=== Section Start ===

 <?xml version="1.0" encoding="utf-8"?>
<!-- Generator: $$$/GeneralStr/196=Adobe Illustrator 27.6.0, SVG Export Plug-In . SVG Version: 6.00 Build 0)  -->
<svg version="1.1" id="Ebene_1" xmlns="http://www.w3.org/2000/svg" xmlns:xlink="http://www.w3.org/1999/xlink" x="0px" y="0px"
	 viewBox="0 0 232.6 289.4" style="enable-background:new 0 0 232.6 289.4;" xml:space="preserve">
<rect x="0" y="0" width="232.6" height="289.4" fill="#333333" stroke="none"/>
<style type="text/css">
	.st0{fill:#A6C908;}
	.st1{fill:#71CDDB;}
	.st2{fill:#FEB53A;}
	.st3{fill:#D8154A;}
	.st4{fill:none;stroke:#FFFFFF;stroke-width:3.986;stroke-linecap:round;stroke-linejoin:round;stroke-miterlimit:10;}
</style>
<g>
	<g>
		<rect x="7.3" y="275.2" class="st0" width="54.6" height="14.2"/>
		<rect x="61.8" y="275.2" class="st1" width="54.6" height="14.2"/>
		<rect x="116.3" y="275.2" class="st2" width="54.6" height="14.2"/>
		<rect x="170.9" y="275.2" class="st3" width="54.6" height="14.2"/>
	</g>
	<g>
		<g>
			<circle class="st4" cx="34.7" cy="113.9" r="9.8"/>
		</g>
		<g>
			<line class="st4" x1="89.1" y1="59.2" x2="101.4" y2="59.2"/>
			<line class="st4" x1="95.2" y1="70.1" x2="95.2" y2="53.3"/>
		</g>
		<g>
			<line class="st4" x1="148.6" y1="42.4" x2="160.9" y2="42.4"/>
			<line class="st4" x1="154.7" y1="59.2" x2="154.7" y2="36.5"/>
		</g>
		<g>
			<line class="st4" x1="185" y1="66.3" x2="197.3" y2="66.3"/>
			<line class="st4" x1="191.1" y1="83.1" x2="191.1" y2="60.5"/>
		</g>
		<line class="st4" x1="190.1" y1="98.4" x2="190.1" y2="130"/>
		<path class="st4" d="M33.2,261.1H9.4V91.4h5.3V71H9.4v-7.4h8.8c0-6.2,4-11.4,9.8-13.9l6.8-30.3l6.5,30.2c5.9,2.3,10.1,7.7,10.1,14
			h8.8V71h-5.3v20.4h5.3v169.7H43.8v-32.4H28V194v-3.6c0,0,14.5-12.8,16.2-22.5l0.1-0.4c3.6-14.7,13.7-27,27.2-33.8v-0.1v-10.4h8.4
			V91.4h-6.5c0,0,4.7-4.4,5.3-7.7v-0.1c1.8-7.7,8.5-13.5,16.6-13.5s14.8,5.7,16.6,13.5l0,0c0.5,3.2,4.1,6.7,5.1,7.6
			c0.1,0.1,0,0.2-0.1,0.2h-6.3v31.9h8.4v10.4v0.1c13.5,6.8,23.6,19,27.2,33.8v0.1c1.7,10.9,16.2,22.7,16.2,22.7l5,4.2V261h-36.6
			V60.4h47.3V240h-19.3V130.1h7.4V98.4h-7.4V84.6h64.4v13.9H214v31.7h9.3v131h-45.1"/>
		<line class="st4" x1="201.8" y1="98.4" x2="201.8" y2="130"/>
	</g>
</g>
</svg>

=== Section End ===

→ **Work instruction**
Which lines above contain the word "fill"? Copy all of them.

→ **Result of the task**
<rect x="0" y="0" width="232.6" height="289.4" fill="#333333" stroke="none"/>
	.st0{fill:#A6C908;}
	.st1{fill:#71CDDB;}
	.st2{fill:#FEB53A;}
	.st3{fill:#D8154A;}
	.st4{fill:none;stroke:#FFFFFF;stroke-width:3.986;stroke-linecap:round;stroke-linejoin:round;stroke-miterlimit:10;}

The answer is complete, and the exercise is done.